In the annual Barron's Roundtable (sub. req.) of top investment pros, Felix Zulauf, head of Switzerland's Zulauf Asset Management, makes a well-reasoned bull case for the precious metal palladium -- and names a stock pick:
Palladium has an even tighter market [than gold]. It is a white precious metal that was discovered about 200 years ago. It is usually found and mined together with nickel, copper and platinum. More than 50% comes from Russia. Palladium does not tarnish in the air and is the least dense of the platinum group. It is used in catalytic converters in the automobile industry and in jewelry, watchmaking, dentistry, surgical instruments and electrical contacts.
Barron's: How expensive is it?
Zulauf: The price shot up to about $1,000 an ounce in 2000. It was cornered by a hedge fund, and when the fund closed the price collapsed. Half the world's palladium comes from Russia, and Russia's Norilsk Nickel, the primary producer, does not give out any information. It can't sell palladium directly to consumers, and a lot of consumers have substituted platinum. Platinum has become expensive and now trades at $1,000 an ounce, while palladium has become cheap and trades at $270. The pendulum is going to swing back. The Russians are becoming more open, and costs will lead consumers to switch.
Barron's: How do you invest in palladium?

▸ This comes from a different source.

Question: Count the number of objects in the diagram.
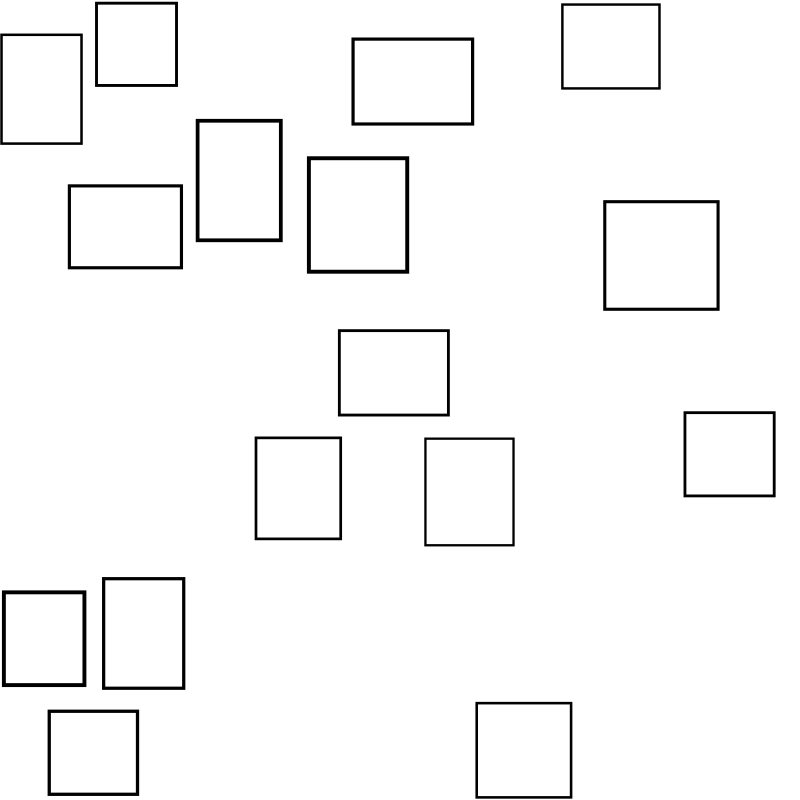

Zulauf: Buy Norilsk Nickel (OTCPK:NILSY). In addition to palladium, it accounts for about 20% of global nickel supply, 24% of platinum and 4% of copper... The company accounts for 5% of Russian exports. The market cap is $19 billion, and 62% of the stock is controlled by the chairman, Vladimir Potanin, and the CEO, Mikhail Prokhorov. Another 25% is held in ADRs, and 14% is held by other investors. The stock accounts for 7.5% of the MSCI Russia Index.
Norilsk earned about $10 per share in 2005, versus $8.78 in '04 and $4.14 in '03. The dividend yield is a bit over 2%. Today [Jan. 9] the company spun off its gold-production business. For each share of Norilsk, shareholders will receive one share of Polyus Gold, representing Norilsk's Siberian gold production plus 20% of the gold fields Norilsk owns. In 2004 Norilsk produced 34 tons of gold, or 20% of Russia's gold output....
This is a cheap mining company with which one can participate in the natural-resources boom I see continuing for several years. The majority owner, Potanin, is an oligarch, but is on very good terms with the Kremlin. Still, there is a higher risk here than in a U.S. utility stock or a five-year U.S. Treasury bond.